===== RECORDS FOR PROCESSING
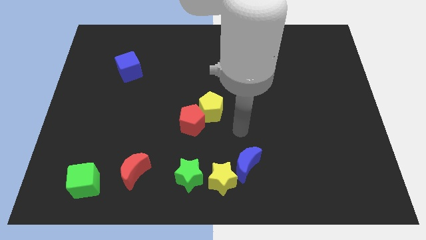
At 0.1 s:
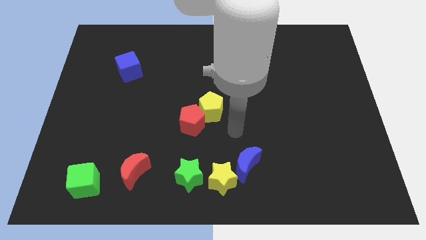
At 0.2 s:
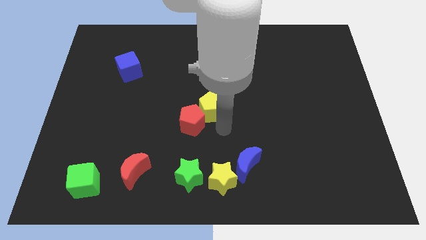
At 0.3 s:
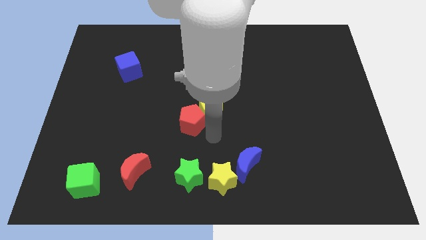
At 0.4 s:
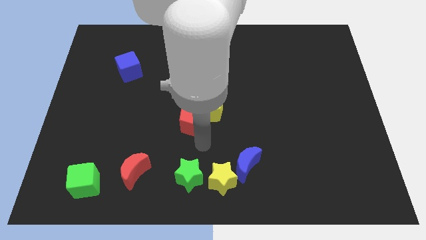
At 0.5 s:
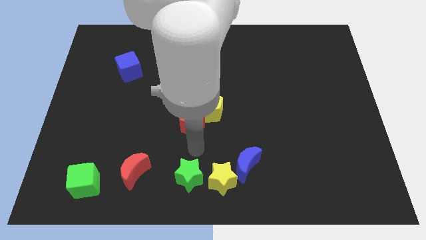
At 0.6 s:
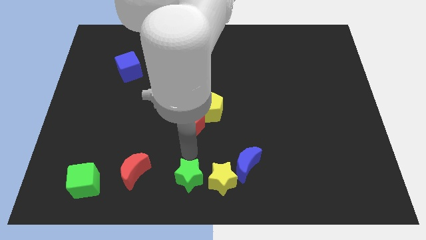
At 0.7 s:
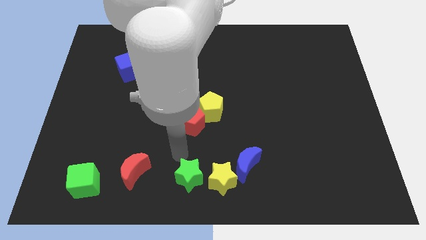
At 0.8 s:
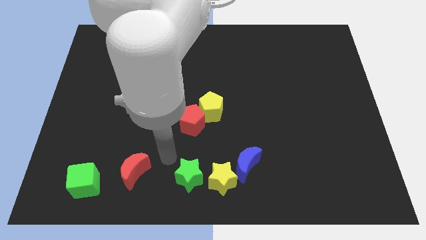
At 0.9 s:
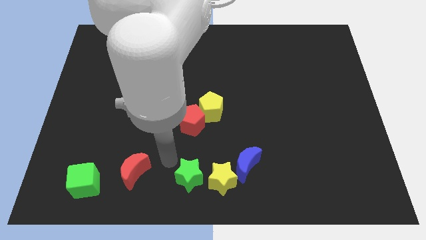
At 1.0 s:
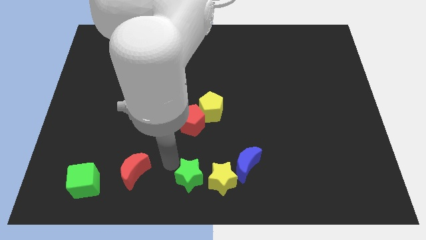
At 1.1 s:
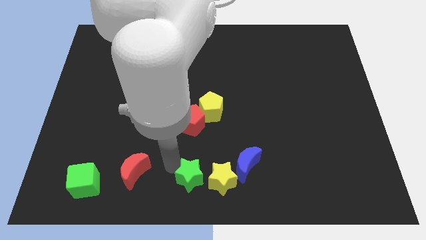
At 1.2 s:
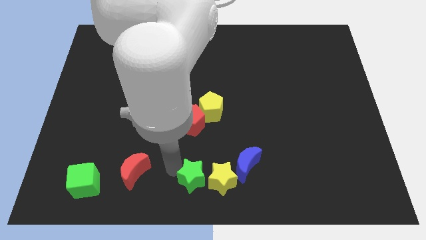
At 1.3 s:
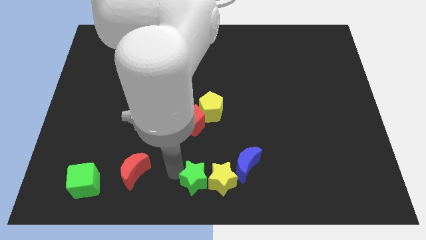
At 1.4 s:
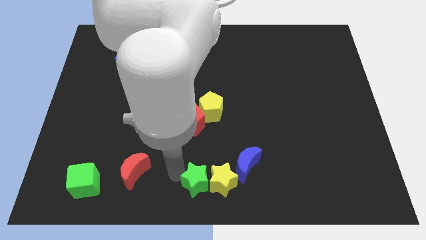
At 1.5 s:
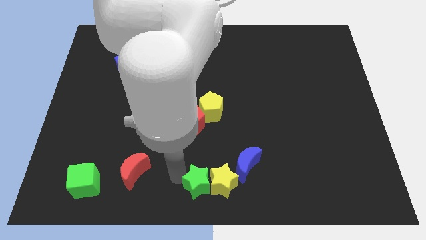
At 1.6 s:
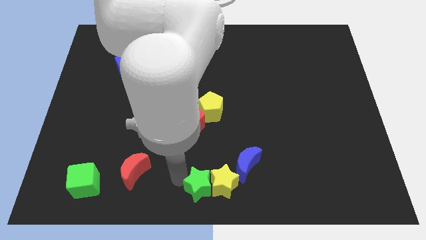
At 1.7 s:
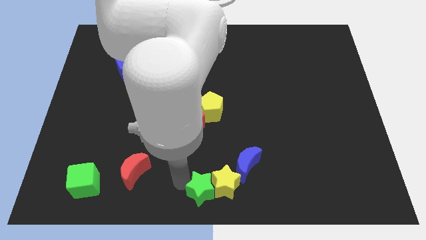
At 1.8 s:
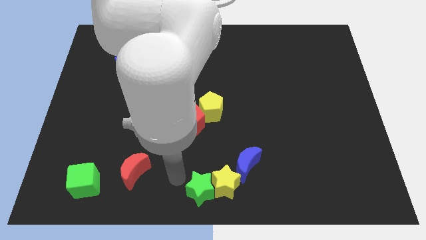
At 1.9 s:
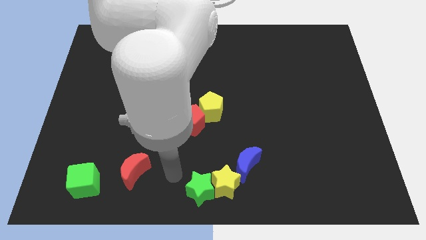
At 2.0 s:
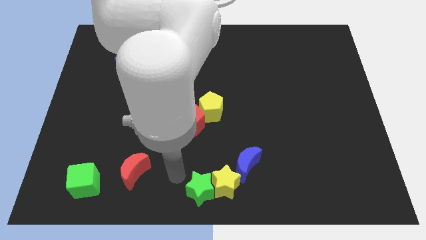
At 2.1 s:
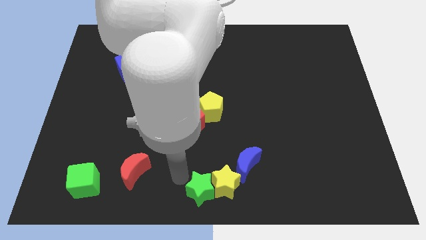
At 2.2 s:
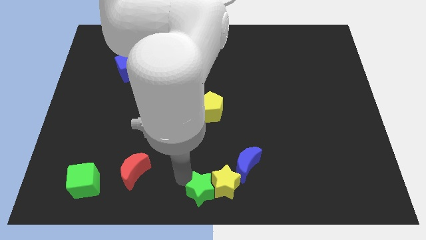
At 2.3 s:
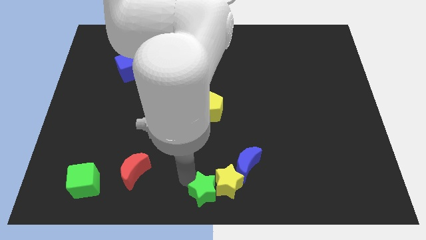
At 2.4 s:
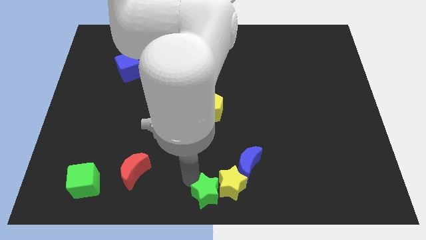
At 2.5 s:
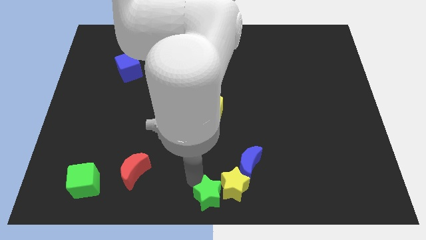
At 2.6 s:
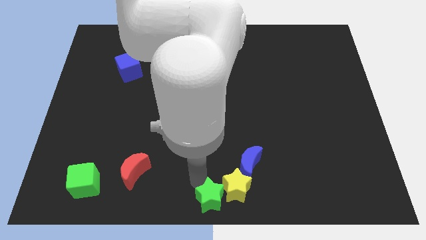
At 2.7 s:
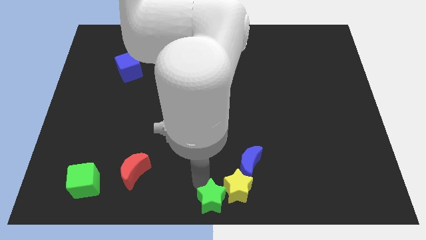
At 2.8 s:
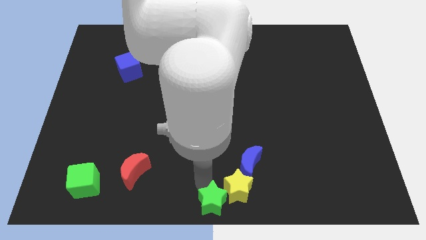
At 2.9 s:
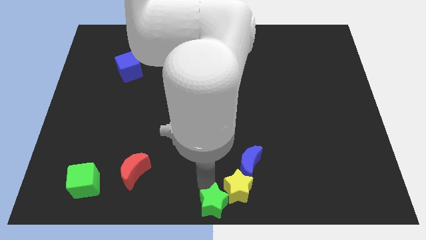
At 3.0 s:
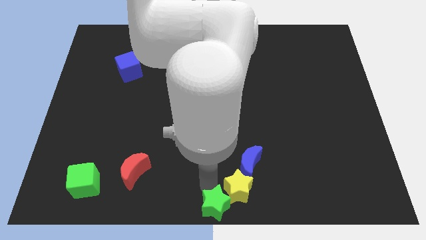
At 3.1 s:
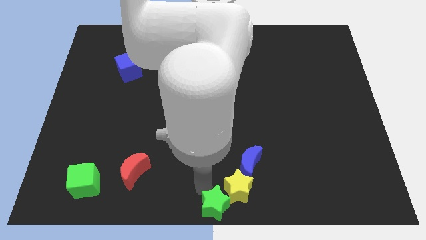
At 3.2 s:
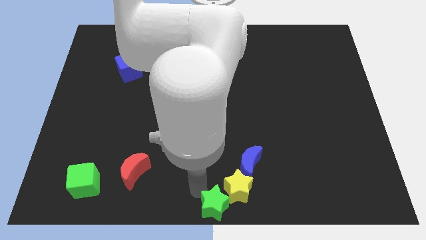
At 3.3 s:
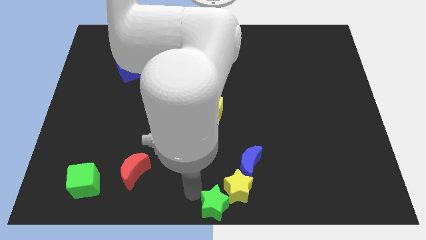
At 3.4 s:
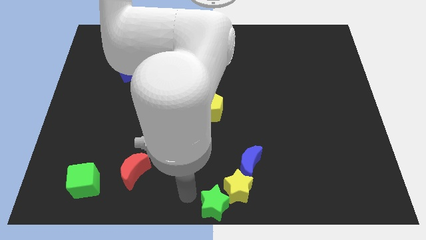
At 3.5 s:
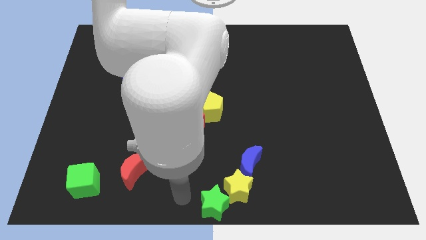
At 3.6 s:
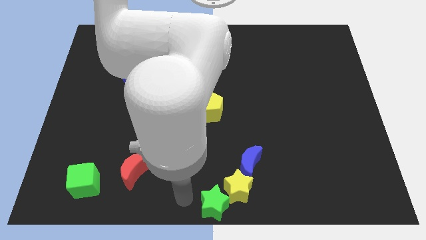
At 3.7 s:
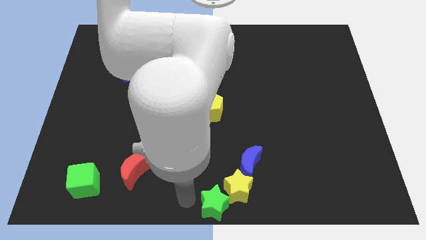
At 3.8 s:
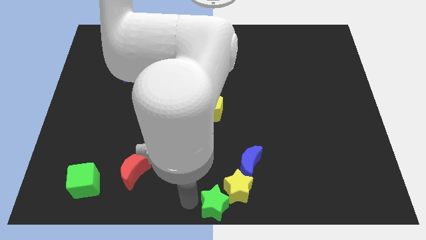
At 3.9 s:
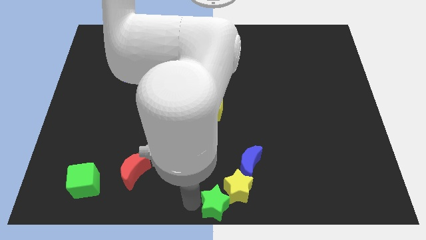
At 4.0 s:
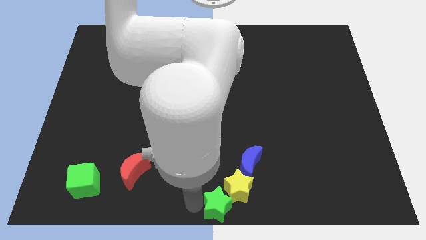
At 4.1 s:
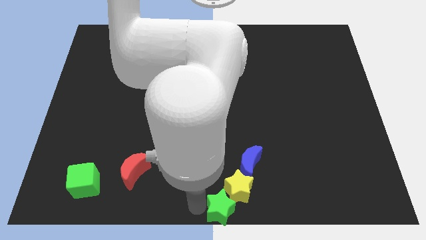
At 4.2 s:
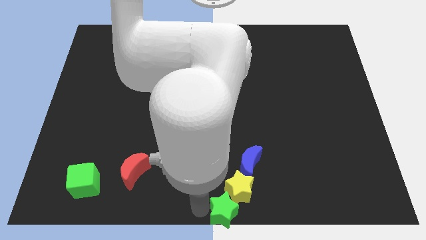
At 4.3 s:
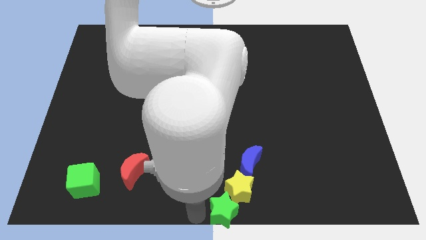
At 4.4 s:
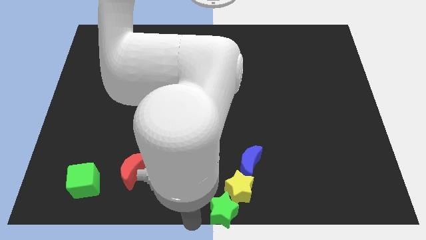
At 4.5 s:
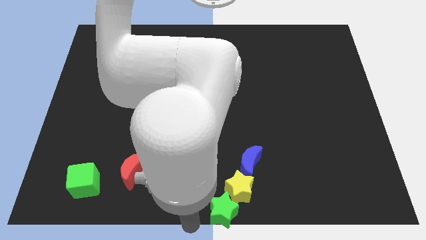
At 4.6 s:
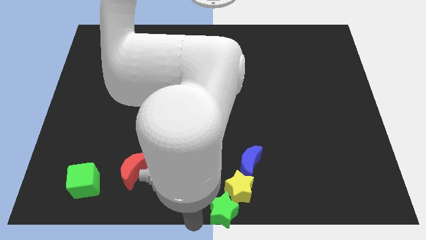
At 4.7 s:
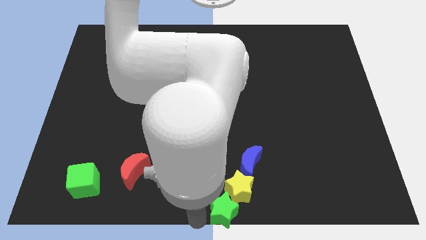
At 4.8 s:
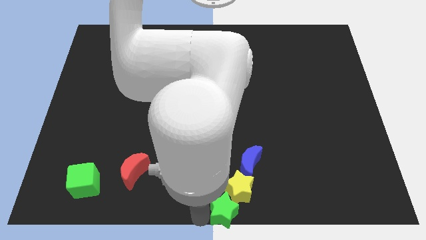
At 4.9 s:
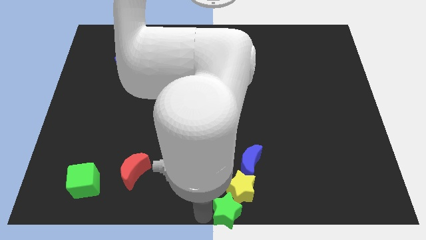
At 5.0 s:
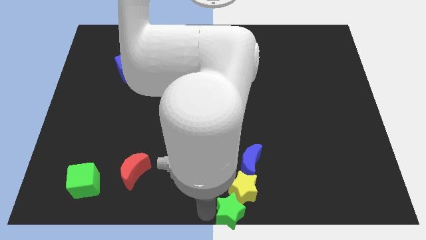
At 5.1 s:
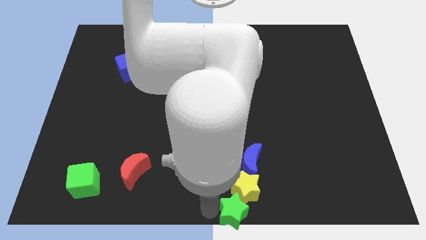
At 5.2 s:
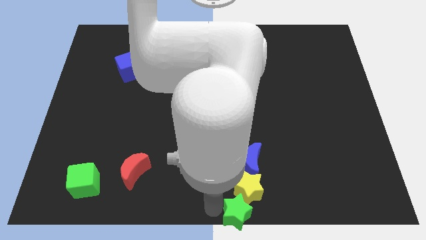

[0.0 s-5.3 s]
push the green star to the right a bit
==========
# THE TASK:
The pictures alone are to be left out when the data above is copied; all else must match exactly.

# TASK RESULT:
At 0.1 s:
At 0.2 s:
At 0.3 s:
At 0.4 s:
At 0.5 s:
At 0.6 s:
At 0.7 s:
At 0.8 s:
At 0.9 s:
At 1.0 s:
At 1.1 s:
At 1.2 s:
At 1.3 s:
At 1.4 s:
At 1.5 s:
At 1.6 s:
At 1.7 s:
At 1.8 s:
At 1.9 s:
At 2.0 s:
At 2.1 s:
At 2.2 s:
At 2.3 s:
At 2.4 s:
At 2.5 s:
At 2.6 s:
At 2.7 s:
At 2.8 s:
At 2.9 s:
At 3.0 s:
At 3.1 s:
At 3.2 s:
At 3.3 s:
At 3.4 s:
At 3.5 s:
At 3.6 s:
At 3.7 s:
At 3.8 s:
At 3.9 s:
At 4.0 s:
At 4.1 s:
At 4.2 s:
At 4.3 s:
At 4.4 s:
At 4.5 s:
At 4.6 s:
At 4.7 s:
At 4.8 s:
At 4.9 s:
At 5.0 s:
At 5.1 s:
At 5.2 s:

[0.0 s-5.3 s]
push the green star to the right a bit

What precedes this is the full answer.